IRE1 silencing attenuates IRF4 activity
The evidence that IRE1 knockdown depleted both the IRF4 mRNA and protein suggested that IRE1 may primarily control IRF4 at the mRNA level. Indeed, an actinomycin D chase experiment revealed that IRE1 knockdown slightly accelerated IRF4 mRNA degradation (Fig. S2A), but this effect seemed too modest to fully explain the overall reduction in IRF4 mRNA. Importantly, nascent-mRNA analysis showed that IRE1 silencing significantly reduced de novo IRF4 transcription, affecting this particular feature more substantially than mRNA turnover (Fig. 2A; Fig. S2A). Our transcriptomic data12 indicated that IRE1 silencing in AMO1 cells upregulated the IRF4-inducing NFκB pathway32. Therefore, we interrogated several other transcription factors previously shown to either suppress (MITF) or induce (Ikaros, Aiolos, Myc) IRF433. However, IRE1 knockdown downregulated MITF mRNA and protein (Fig. 2B). Furthermore, IRE1 silencing did not decrease Ikaros/IKZF1 and Aiolos/IKZF3 mRNA levels (Fig. 2C), and although it did deplete the Aiolos protein (Fig. 2D), this occurred later than the downregulation of the IRF4 protein. Moreover, while IRE1 silencing decreased MYC mRNA and protein abundance (Fig. 2D; Fig. S2B), MYC knockdown did not reduce IRF4 mRNA or protein expression (Fig. 2E; Fig. S2C). Taken together, this data excluded these previously known IRF4-regulating transcription factors from instigating transcriptional control of IRF4 downstream to IRE1.

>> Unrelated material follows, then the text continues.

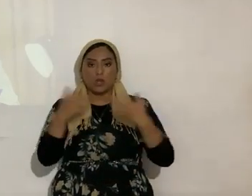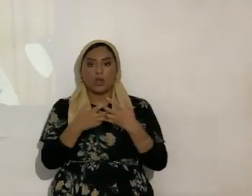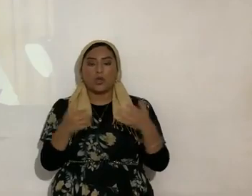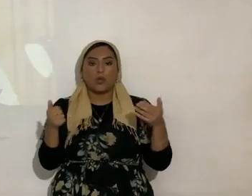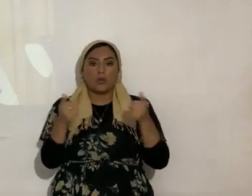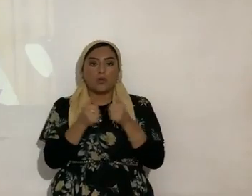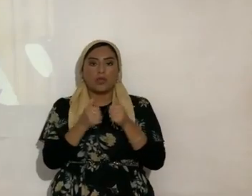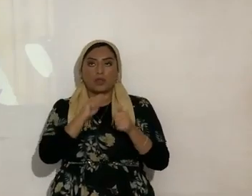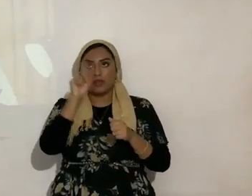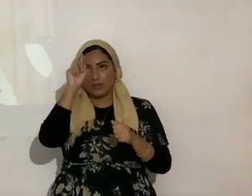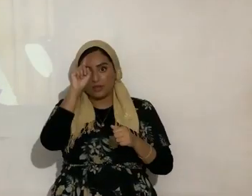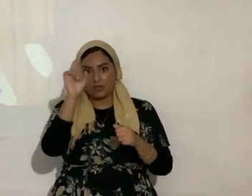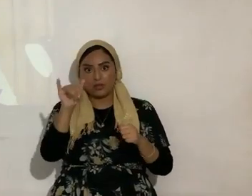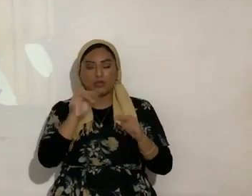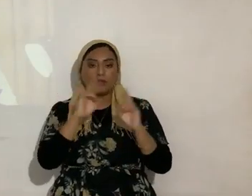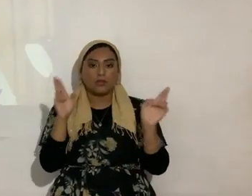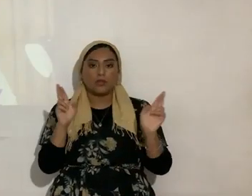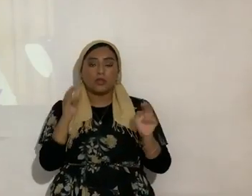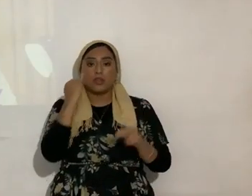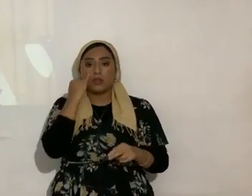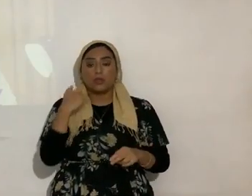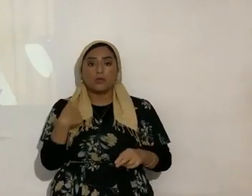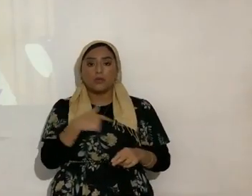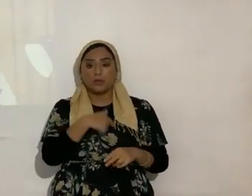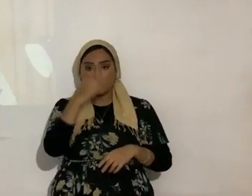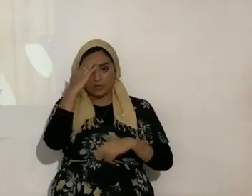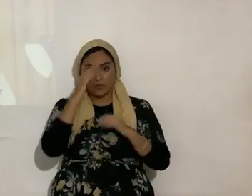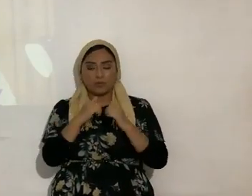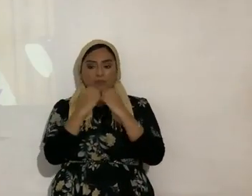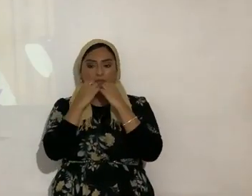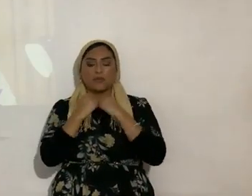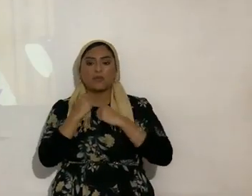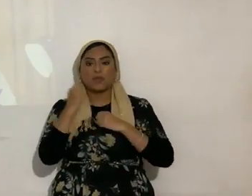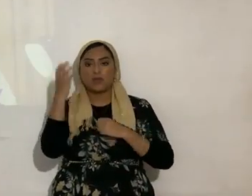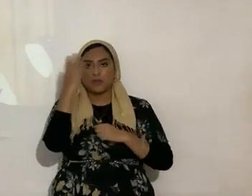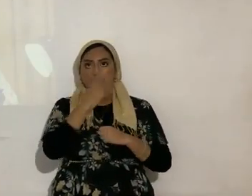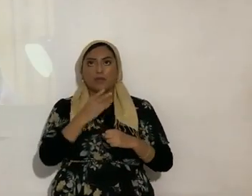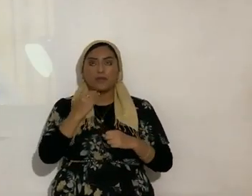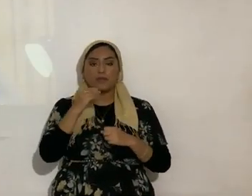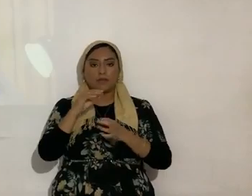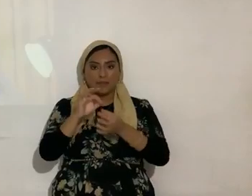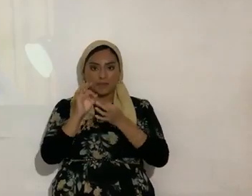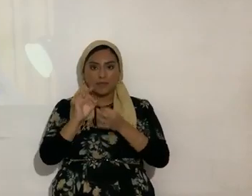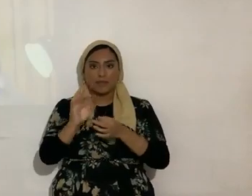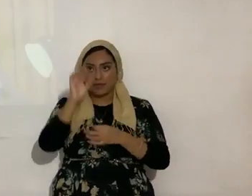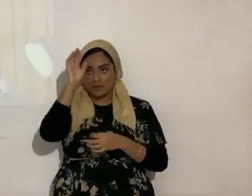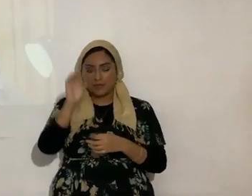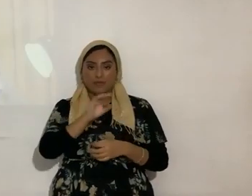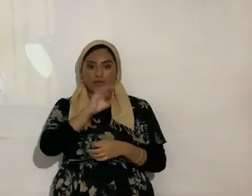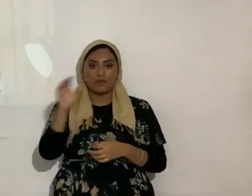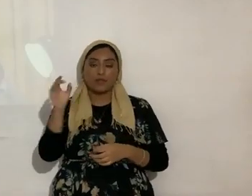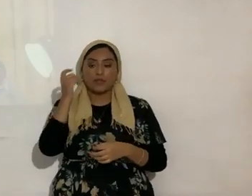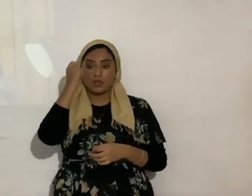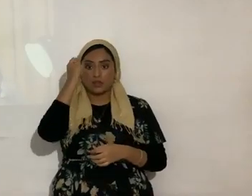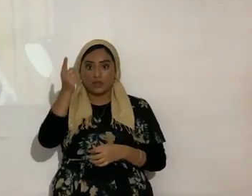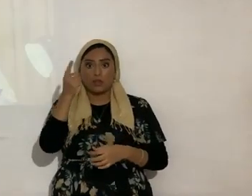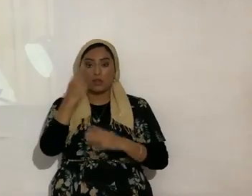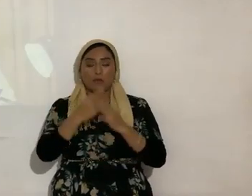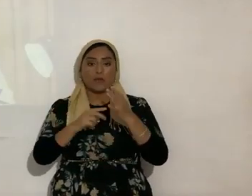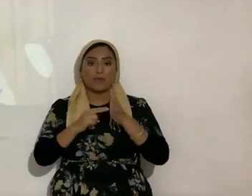si supiéramos valorar el sacrificio único perfecto y entender lo que es la sangre del Mashiach

Cycloheximide-chase experiments further revealed that IRE1 knockdown did not increase turnover of the IRF4 protein; rather, it augmented IRF4 protein stability (Fig. 2F). This contrasted with a destabilization of IRF4 upon XBP1 knockdown (Fig. S2D). Moreover, a specific E1 ubiquitin-ligase inhibitor did not restore IRF4 levels during IRE1 silencing (Fig. S2E). These data suggested that IRE1 silencing does not downregulate IRF4 by reducing its protein stability. Since IRF4 is an auto-stimulatory transcription factor13,34, we next interrogated the activity of IRF4 itself. Subcellular fractionation revealed that IRE1 silencing markedly decreased the amount of IRF4 bound to chromatin (Fig. 2G), indicating a functional disruption of IRF4 activity. Furthermore, IRE1 silencing but not enzymatic blockade of IRE1 with kinase or RNase inhibitors significantly increased IRF4 phosphorylation on Ser114 as well as Ser270 (Fig. 2H). To examine the functional consequence of these phosphorylation sites, we ectopically expressed in AMO1 cells a non phosphorylatable IRF4 mutant in which we substituted the targeted serines with alanines (S114A_S270A). This mutant displayed a 5-fold increase in its chromatin-binding capacity as compared to WT IRF4 (Fig. 2I; Fig. S2F), indicating that phosphorylation on these sites inhibits IRF4 activity. Together, these findings suggest that IRE1 controls IRF4 transcription mainly by regulating IRF4’s phosphorylation state, chromatin binding and self-inducing activity.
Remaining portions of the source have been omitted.